_Exercise details_
Restate every record exactly as it is written, while omitting the pictures it holds.

[Items from a dataset]
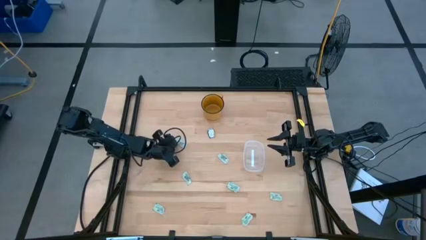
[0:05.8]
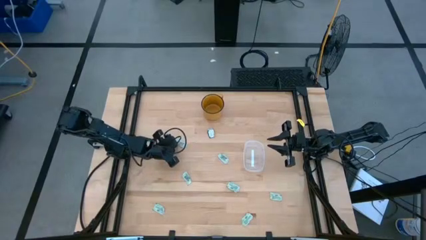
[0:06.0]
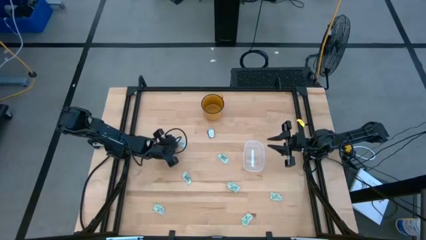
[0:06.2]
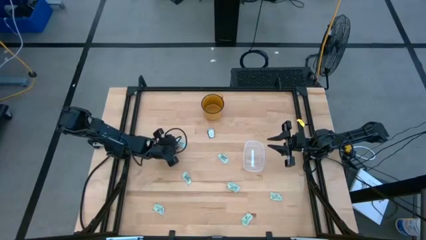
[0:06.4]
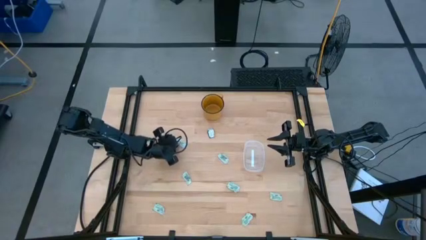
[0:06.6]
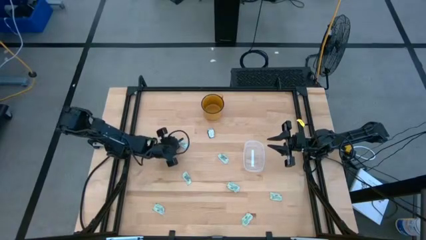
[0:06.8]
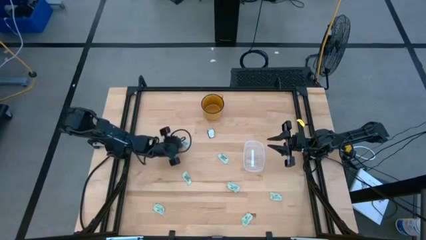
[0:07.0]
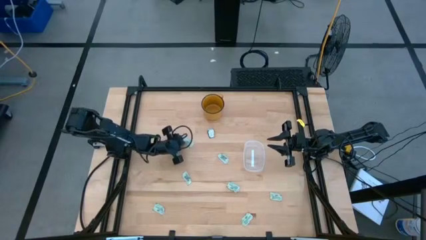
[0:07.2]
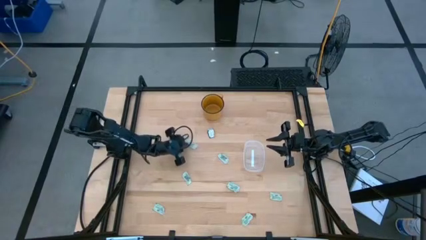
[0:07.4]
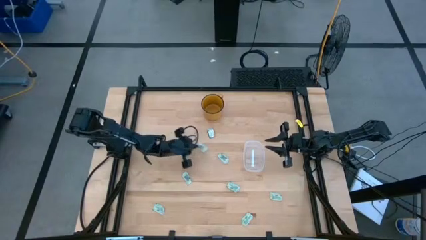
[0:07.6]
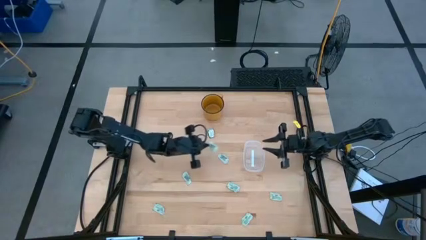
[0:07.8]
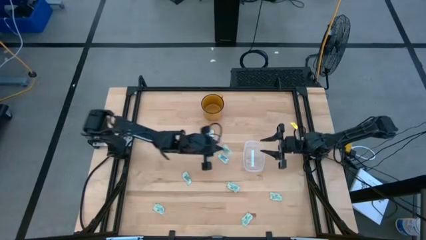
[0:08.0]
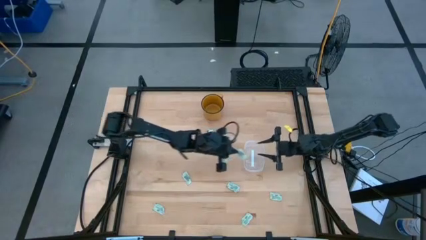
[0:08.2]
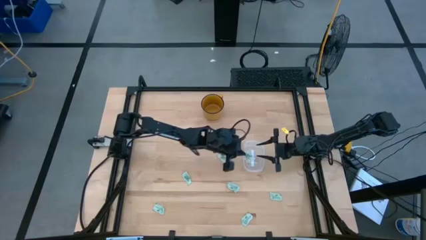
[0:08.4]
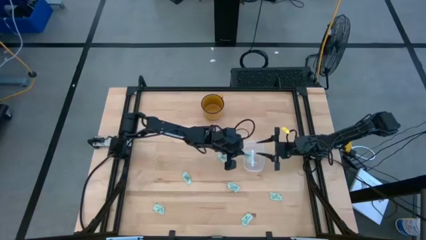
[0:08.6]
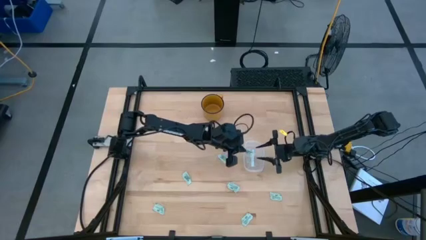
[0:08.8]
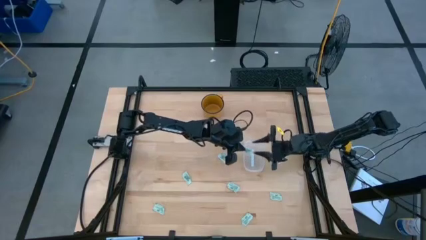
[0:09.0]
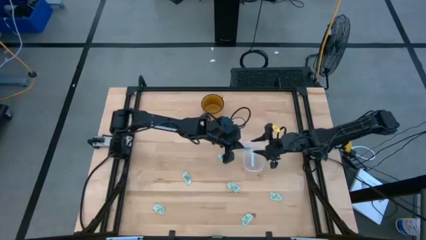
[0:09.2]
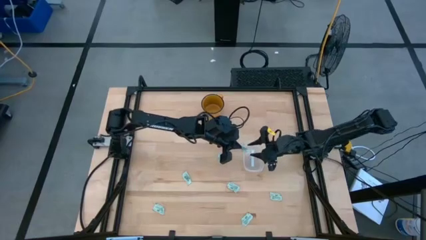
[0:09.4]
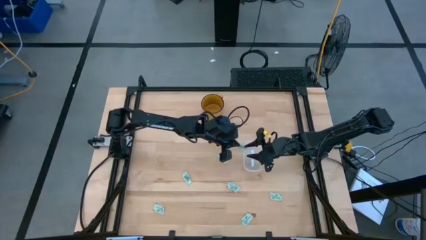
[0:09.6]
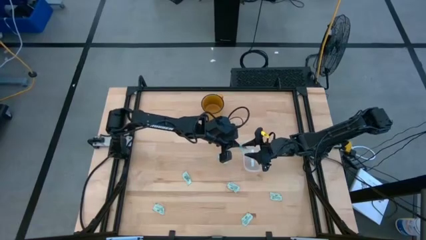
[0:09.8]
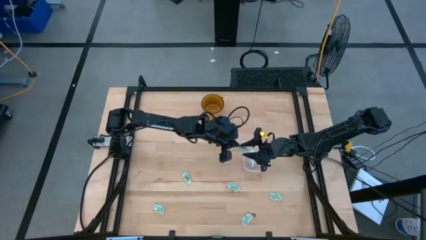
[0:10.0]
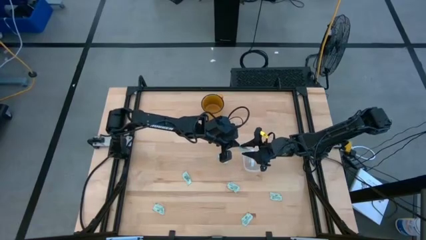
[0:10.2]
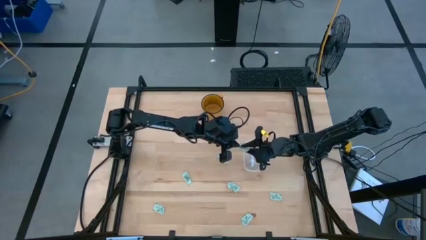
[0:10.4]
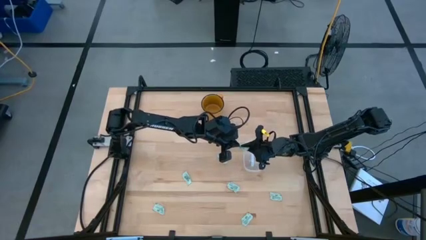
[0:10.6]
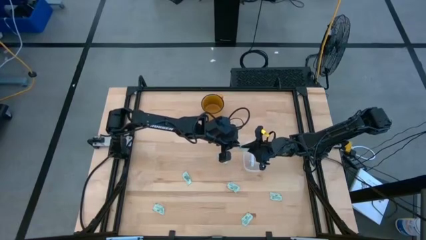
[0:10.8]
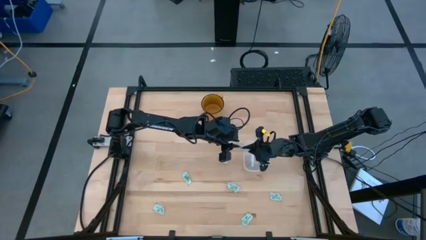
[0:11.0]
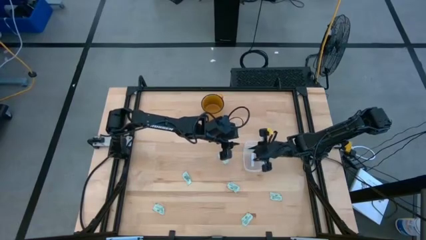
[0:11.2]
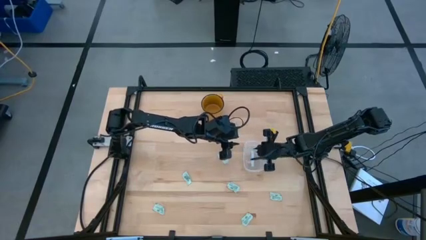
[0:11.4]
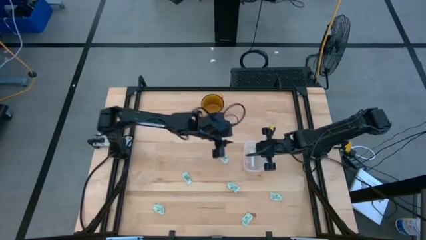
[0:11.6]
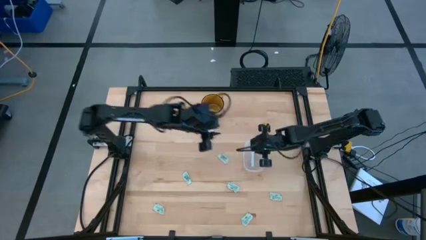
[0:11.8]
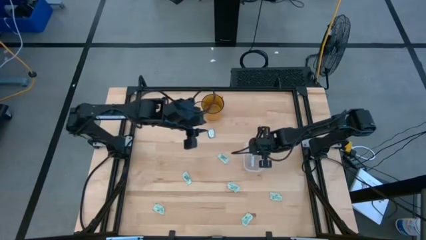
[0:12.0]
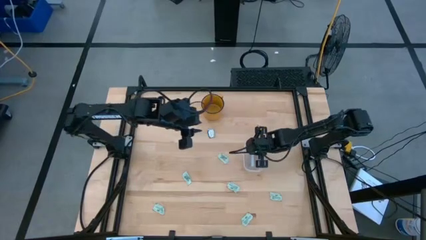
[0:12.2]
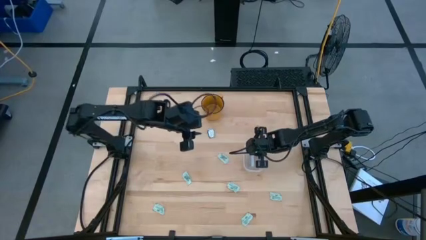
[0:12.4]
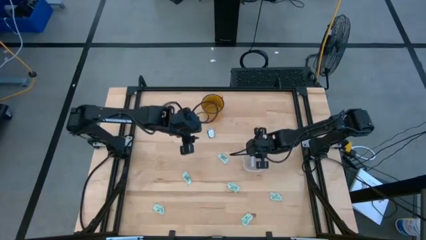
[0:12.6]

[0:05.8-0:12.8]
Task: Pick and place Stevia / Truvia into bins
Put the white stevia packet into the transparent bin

_Response below_
[0:05.8]
[0:06.0]
[0:06.2]
[0:06.4]
[0:06.6]
[0:06.8]
[0:07.0]
[0:07.2]
[0:07.4]
[0:07.6]
[0:07.8]
[0:08.0]
[0:08.2]
[0:08.4]
[0:08.6]
[0:08.8]
[0:09.0]
[0:09.2]
[0:09.4]
[0:09.6]
[0:09.8]
[0:10.0]
[0:10.2]
[0:10.4]
[0:10.6]
[0:10.8]
[0:11.0]
[0:11.2]
[0:11.4]
[0:11.6]
[0:11.8]
[0:12.0]
[0:12.2]
[0:12.4]
[0:12.6]

[0:05.8-0:12.8]
Task: Pick and place Stevia / Truvia into bins
Put the white stevia packet into the transparent bin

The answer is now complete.